» What needs to be done: The full set of entries below needs to be written out exactly.

======

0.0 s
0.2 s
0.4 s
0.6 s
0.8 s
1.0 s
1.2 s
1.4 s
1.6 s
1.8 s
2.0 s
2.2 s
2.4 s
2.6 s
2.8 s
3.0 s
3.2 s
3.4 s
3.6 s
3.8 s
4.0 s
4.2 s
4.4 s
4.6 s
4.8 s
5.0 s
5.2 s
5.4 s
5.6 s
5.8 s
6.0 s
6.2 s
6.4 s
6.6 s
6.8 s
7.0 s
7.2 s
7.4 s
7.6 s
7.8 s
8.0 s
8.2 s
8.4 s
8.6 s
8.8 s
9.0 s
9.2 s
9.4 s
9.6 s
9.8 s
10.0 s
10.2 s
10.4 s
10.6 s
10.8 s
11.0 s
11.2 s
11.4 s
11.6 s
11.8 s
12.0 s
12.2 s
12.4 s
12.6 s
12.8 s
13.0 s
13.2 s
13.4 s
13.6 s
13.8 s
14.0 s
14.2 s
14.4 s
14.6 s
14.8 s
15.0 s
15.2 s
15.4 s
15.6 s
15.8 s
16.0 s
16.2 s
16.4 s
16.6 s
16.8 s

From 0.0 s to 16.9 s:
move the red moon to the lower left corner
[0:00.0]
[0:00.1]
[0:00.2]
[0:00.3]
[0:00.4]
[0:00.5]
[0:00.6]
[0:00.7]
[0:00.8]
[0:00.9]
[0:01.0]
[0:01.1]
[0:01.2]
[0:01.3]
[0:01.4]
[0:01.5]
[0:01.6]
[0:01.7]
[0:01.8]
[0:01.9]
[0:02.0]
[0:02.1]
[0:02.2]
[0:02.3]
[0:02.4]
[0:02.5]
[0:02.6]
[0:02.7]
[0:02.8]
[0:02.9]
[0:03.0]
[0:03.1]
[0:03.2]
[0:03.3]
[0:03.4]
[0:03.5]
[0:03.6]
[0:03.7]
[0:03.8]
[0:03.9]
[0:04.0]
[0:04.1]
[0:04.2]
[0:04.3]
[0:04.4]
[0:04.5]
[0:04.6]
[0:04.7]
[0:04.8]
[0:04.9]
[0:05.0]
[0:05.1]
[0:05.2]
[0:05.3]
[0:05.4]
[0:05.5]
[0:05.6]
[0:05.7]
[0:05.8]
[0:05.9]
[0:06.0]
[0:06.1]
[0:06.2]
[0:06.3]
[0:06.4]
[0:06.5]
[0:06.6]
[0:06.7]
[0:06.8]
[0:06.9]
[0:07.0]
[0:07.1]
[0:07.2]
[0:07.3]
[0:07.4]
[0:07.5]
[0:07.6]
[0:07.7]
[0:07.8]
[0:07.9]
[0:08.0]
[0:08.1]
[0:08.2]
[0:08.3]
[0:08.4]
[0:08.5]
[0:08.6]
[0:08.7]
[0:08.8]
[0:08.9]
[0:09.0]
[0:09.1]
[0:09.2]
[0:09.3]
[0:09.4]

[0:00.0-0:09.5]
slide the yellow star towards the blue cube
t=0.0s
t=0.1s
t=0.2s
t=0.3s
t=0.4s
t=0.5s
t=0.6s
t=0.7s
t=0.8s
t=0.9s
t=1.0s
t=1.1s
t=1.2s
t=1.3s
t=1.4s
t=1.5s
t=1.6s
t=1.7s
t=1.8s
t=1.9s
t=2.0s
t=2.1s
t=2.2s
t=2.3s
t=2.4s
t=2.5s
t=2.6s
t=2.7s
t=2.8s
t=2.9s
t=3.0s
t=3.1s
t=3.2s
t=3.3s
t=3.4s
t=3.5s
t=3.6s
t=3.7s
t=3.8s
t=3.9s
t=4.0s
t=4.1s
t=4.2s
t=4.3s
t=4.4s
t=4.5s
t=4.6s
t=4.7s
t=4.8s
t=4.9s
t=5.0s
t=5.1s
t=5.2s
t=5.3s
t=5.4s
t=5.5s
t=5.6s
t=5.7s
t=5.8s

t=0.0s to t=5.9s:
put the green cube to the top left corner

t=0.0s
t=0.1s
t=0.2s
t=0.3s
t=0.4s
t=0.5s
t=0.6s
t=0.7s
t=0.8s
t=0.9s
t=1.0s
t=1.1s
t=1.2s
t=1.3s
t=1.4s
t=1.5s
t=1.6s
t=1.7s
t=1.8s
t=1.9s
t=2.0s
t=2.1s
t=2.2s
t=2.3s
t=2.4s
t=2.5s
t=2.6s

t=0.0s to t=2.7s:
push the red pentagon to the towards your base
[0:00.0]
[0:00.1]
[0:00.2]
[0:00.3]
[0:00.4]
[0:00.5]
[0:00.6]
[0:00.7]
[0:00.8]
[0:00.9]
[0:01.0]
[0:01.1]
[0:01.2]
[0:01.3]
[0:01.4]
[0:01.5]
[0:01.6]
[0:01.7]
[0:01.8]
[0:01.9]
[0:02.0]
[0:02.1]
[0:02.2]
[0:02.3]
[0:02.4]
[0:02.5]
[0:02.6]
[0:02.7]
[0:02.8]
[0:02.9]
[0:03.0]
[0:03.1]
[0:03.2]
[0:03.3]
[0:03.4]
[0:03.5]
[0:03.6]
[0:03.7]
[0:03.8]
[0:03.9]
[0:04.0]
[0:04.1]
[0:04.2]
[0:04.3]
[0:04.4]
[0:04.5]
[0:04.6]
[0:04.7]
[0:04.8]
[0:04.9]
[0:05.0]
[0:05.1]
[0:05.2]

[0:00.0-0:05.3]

======

» Solution for this task:
0.0 s
0.2 s
0.4 s
0.6 s
0.8 s
1.0 s
1.2 s
1.4 s
1.6 s
1.8 s
2.0 s
2.2 s
2.4 s
2.6 s
2.8 s
3.0 s
3.2 s
3.4 s
3.6 s
3.8 s
4.0 s
4.2 s
4.4 s
4.6 s
4.8 s
5.0 s
5.2 s
5.4 s
5.6 s
5.8 s
6.0 s
6.2 s
6.4 s
6.6 s
6.8 s
7.0 s
7.2 s
7.4 s
7.6 s
7.8 s
8.0 s
8.2 s
8.4 s
8.6 s
8.8 s
9.0 s
9.2 s
9.4 s
9.6 s
9.8 s
10.0 s
10.2 s
10.4 s
10.6 s
10.8 s
11.0 s
11.2 s
11.4 s
11.6 s
11.8 s
12.0 s
12.2 s
12.4 s
12.6 s
12.8 s
13.0 s
13.2 s
13.4 s
13.6 s
13.8 s
14.0 s
14.2 s
14.4 s
14.6 s
14.8 s
15.0 s
15.2 s
15.4 s
15.6 s
15.8 s
16.0 s
16.2 s
16.4 s
16.6 s
16.8 s

From 0.0 s to 16.9 s:
move the red moon to the lower left corner
[0:00.0]
[0:00.1]
[0:00.2]
[0:00.3]
[0:00.4]
[0:00.5]
[0:00.6]
[0:00.7]
[0:00.8]
[0:00.9]
[0:01.0]
[0:01.1]
[0:01.2]
[0:01.3]
[0:01.4]
[0:01.5]
[0:01.6]
[0:01.7]
[0:01.8]
[0:01.9]
[0:02.0]
[0:02.1]
[0:02.2]
[0:02.3]
[0:02.4]
[0:02.5]
[0:02.6]
[0:02.7]
[0:02.8]
[0:02.9]
[0:03.0]
[0:03.1]
[0:03.2]
[0:03.3]
[0:03.4]
[0:03.5]
[0:03.6]
[0:03.7]
[0:03.8]
[0:03.9]
[0:04.0]
[0:04.1]
[0:04.2]
[0:04.3]
[0:04.4]
[0:04.5]
[0:04.6]
[0:04.7]
[0:04.8]
[0:04.9]
[0:05.0]
[0:05.1]
[0:05.2]
[0:05.3]
[0:05.4]
[0:05.5]
[0:05.6]
[0:05.7]
[0:05.8]
[0:05.9]
[0:06.0]
[0:06.1]
[0:06.2]
[0:06.3]
[0:06.4]
[0:06.5]
[0:06.6]
[0:06.7]
[0:06.8]
[0:06.9]
[0:07.0]
[0:07.1]
[0:07.2]
[0:07.3]
[0:07.4]
[0:07.5]
[0:07.6]
[0:07.7]
[0:07.8]
[0:07.9]
[0:08.0]
[0:08.1]
[0:08.2]
[0:08.3]
[0:08.4]
[0:08.5]
[0:08.6]
[0:08.7]
[0:08.8]
[0:08.9]
[0:09.0]
[0:09.1]
[0:09.2]
[0:09.3]
[0:09.4]

[0:00.0-0:09.5]
slide the yellow star towards the blue cube
t=0.0s
t=0.1s
t=0.2s
t=0.3s
t=0.4s
t=0.5s
t=0.6s
t=0.7s
t=0.8s
t=0.9s
t=1.0s
t=1.1s
t=1.2s
t=1.3s
t=1.4s
t=1.5s
t=1.6s
t=1.7s
t=1.8s
t=1.9s
t=2.0s
t=2.1s
t=2.2s
t=2.3s
t=2.4s
t=2.5s
t=2.6s
t=2.7s
t=2.8s
t=2.9s
t=3.0s
t=3.1s
t=3.2s
t=3.3s
t=3.4s
t=3.5s
t=3.6s
t=3.7s
t=3.8s
t=3.9s
t=4.0s
t=4.1s
t=4.2s
t=4.3s
t=4.4s
t=4.5s
t=4.6s
t=4.7s
t=4.8s
t=4.9s
t=5.0s
t=5.1s
t=5.2s
t=5.3s
t=5.4s
t=5.5s
t=5.6s
t=5.7s
t=5.8s

t=0.0s to t=5.9s:
put the green cube to the top left corner

t=0.0s
t=0.1s
t=0.2s
t=0.3s
t=0.4s
t=0.5s
t=0.6s
t=0.7s
t=0.8s
t=0.9s
t=1.0s
t=1.1s
t=1.2s
t=1.3s
t=1.4s
t=1.5s
t=1.6s
t=1.7s
t=1.8s
t=1.9s
t=2.0s
t=2.1s
t=2.2s
t=2.3s
t=2.4s
t=2.5s
t=2.6s

t=0.0s to t=2.7s:
push the red pentagon to the towards your base
[0:00.0]
[0:00.1]
[0:00.2]
[0:00.3]
[0:00.4]
[0:00.5]
[0:00.6]
[0:00.7]
[0:00.8]
[0:00.9]
[0:01.0]
[0:01.1]
[0:01.2]
[0:01.3]
[0:01.4]
[0:01.5]
[0:01.6]
[0:01.7]
[0:01.8]
[0:01.9]
[0:02.0]
[0:02.1]
[0:02.2]
[0:02.3]
[0:02.4]
[0:02.5]
[0:02.6]
[0:02.7]
[0:02.8]
[0:02.9]
[0:03.0]
[0:03.1]
[0:03.2]
[0:03.3]
[0:03.4]
[0:03.5]
[0:03.6]
[0:03.7]
[0:03.8]
[0:03.9]
[0:04.0]
[0:04.1]
[0:04.2]
[0:04.3]
[0:04.4]
[0:04.5]
[0:04.6]
[0:04.7]
[0:04.8]
[0:04.9]
[0:05.0]
[0:05.1]
[0:05.2]

[0:00.0-0:05.3]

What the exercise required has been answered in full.